Uno spettacolo tra narrazione, teatro e musica che ripercorre i momenti che precedono lo scoppio della Seconda guerra mondiale, trasformandoli in uno specchio del presente che stiamo vivendo.
Discorsi, testimonianze, parole e leader di ieri e di oggi si intrecciano fino a confondersi. Le parole che pensavamo appartenere alla storia tornano, si sovrappongono, si confondono e ci costringono a riconoscerle.
In scena, Marina De Juli, attrice con una lunga esperienza nel teatro di Dario Fo e Franca Rame e nel teatro civile, insieme ad Andrea Cusmano, musicista polistrumentista.
"Quando ero piccola dice Marina De Juli (e piccola ancora mi sento di fronte a questi argomenti), la guerra per me aveva due colori: bianco e nero, da una parte gli eroi, dall'altra i mostri. Ora vedo solo mostri: Ares, il terribile dio della guerra, ha preso il sopravvento e tutti siamo disposti a servirlo. Possiamo fingere, ma il nostro interesse, il nostro benessere, vale più di qualsiasi cosa. Così ogni giorno guardiamo, ascoltiamo, scorriamo il presente sul cellulare e archiviamo. Ma cosa risponderemo a un bambino che, in futuro, ci chiederà: perché?"

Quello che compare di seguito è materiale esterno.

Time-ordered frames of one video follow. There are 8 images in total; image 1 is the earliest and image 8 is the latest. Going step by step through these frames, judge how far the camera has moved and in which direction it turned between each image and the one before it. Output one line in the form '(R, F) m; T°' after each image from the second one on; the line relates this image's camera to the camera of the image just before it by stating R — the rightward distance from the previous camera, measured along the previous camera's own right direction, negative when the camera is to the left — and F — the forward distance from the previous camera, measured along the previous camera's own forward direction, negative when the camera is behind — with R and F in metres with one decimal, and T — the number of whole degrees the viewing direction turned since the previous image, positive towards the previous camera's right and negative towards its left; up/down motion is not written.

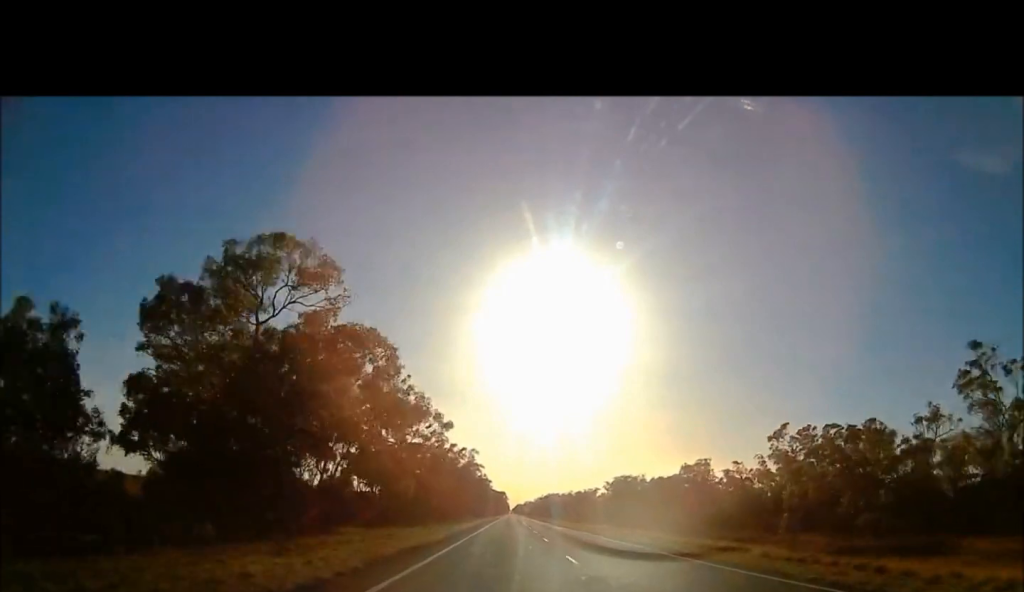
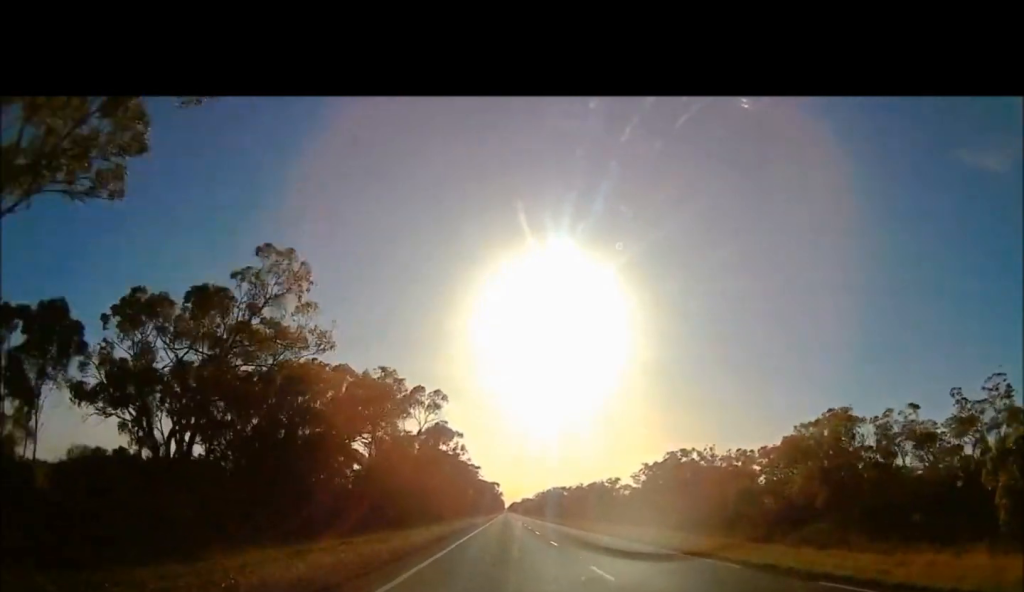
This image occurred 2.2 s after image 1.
(-1.0, +81.1) m; +1°
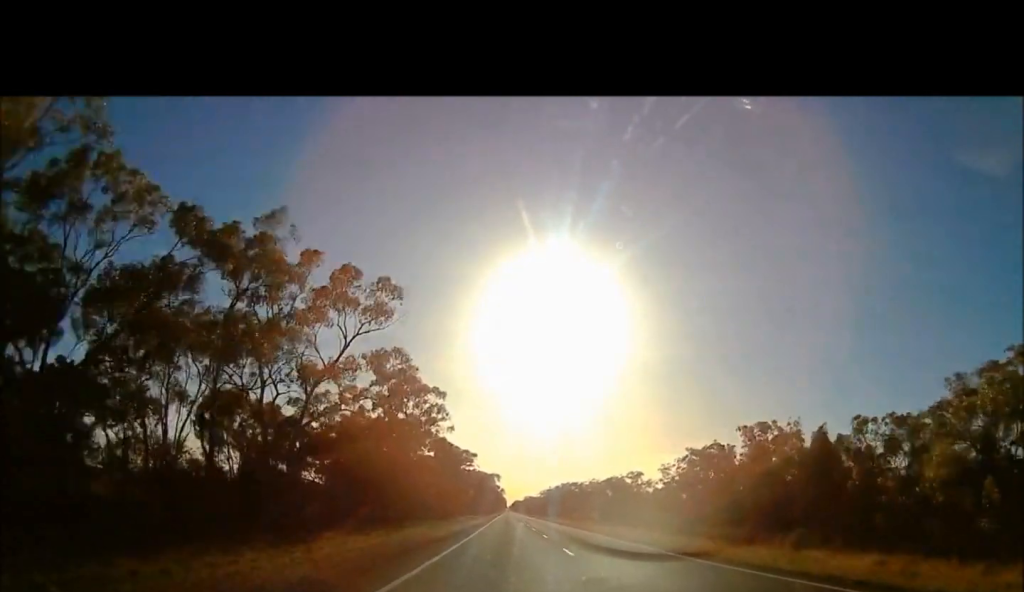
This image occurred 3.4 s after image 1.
(+0.6, +40.2) m; 0°
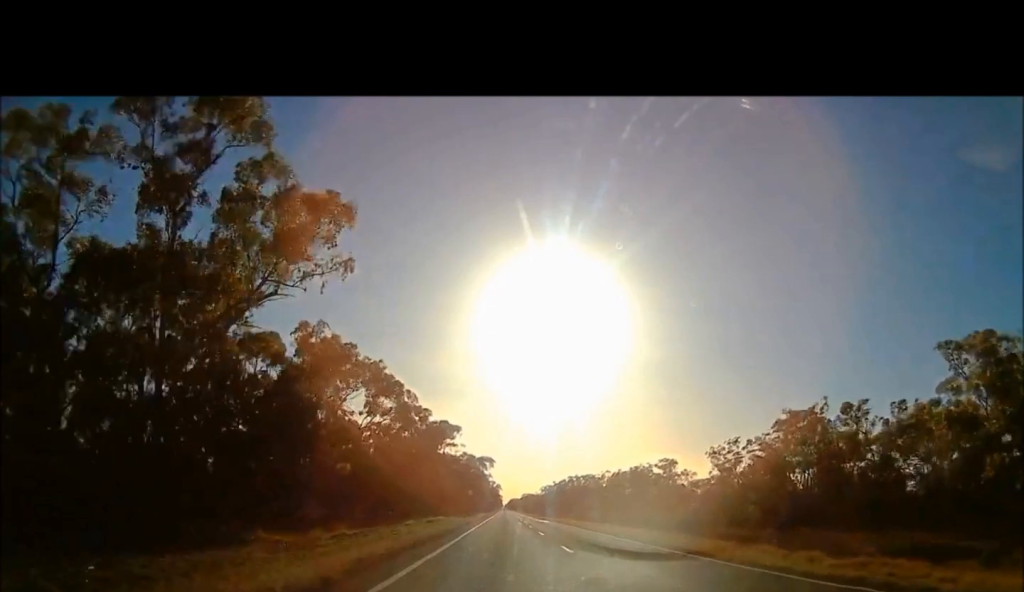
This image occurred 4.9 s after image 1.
(-1.3, +45.3) m; -2°
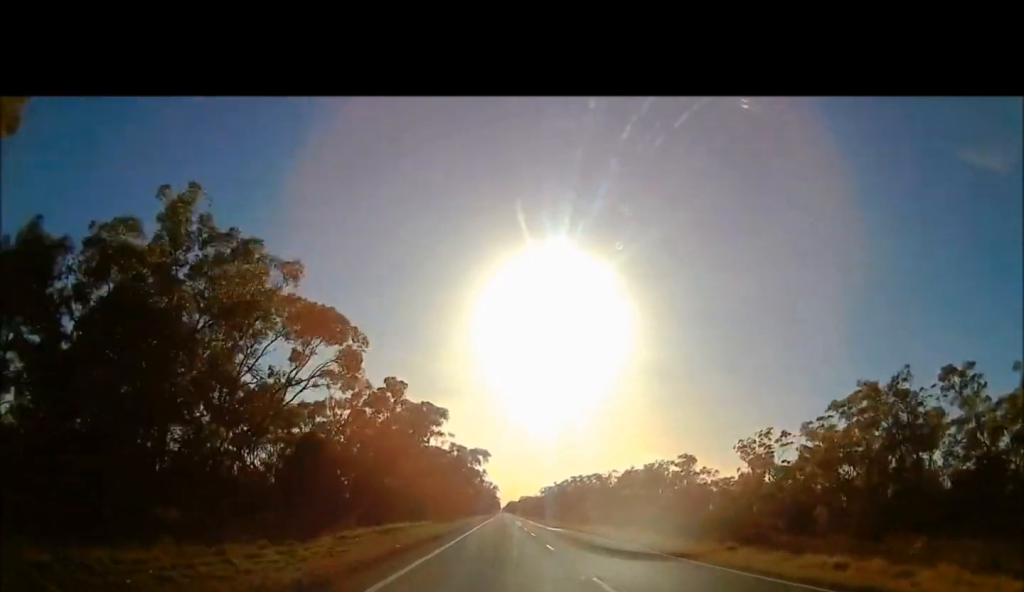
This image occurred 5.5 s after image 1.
(-0.4, +19.4) m; 0°
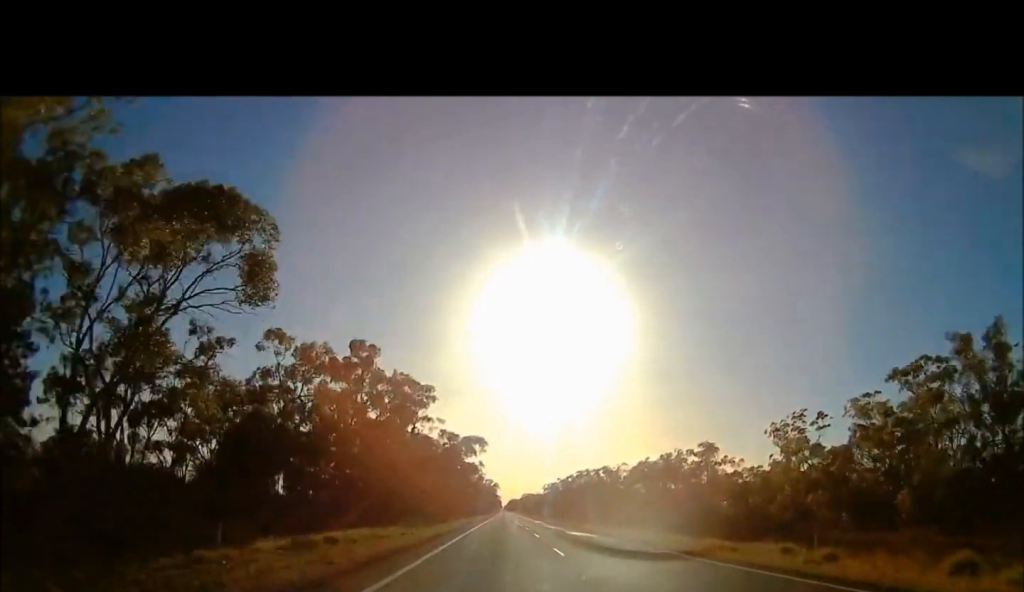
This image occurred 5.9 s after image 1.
(+0.3, +13.8) m; +1°
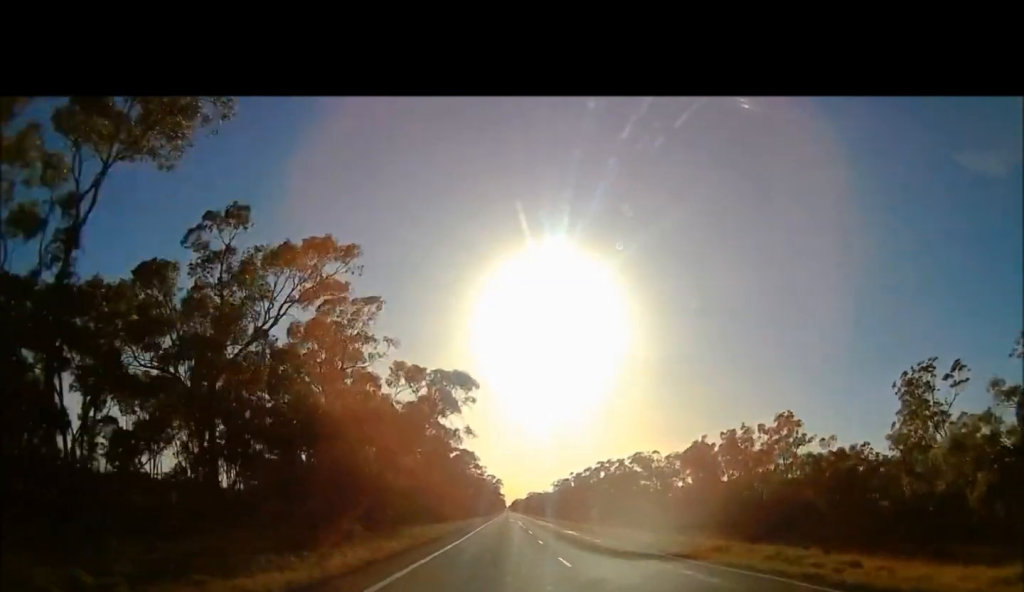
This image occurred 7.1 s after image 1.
(+0.7, +33.1) m; +1°
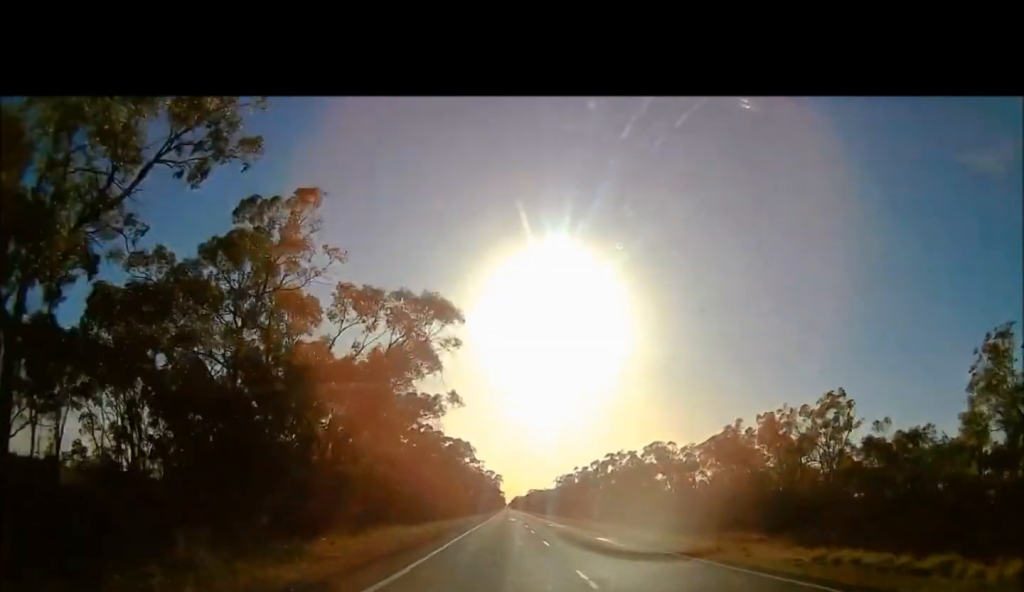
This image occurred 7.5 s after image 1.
(+0.2, +13.7) m; 0°

Lo spettacolo fonde la narrazione con canzoni in molte lingue "Lili Marleen", "Streets of Minneapolis", "Solo le pido a Dios", "Kalinka", "J'attendrai", "Gam Gam", "Sidun" di De André, "Blowin' in the Wind" perché, dalla parte sbagliata, ci siamo stati, ci siamo o potremmo esserci tutti. Non è uno spettacolo sulla guerra
È uno spettacolo su come ci arriviamo.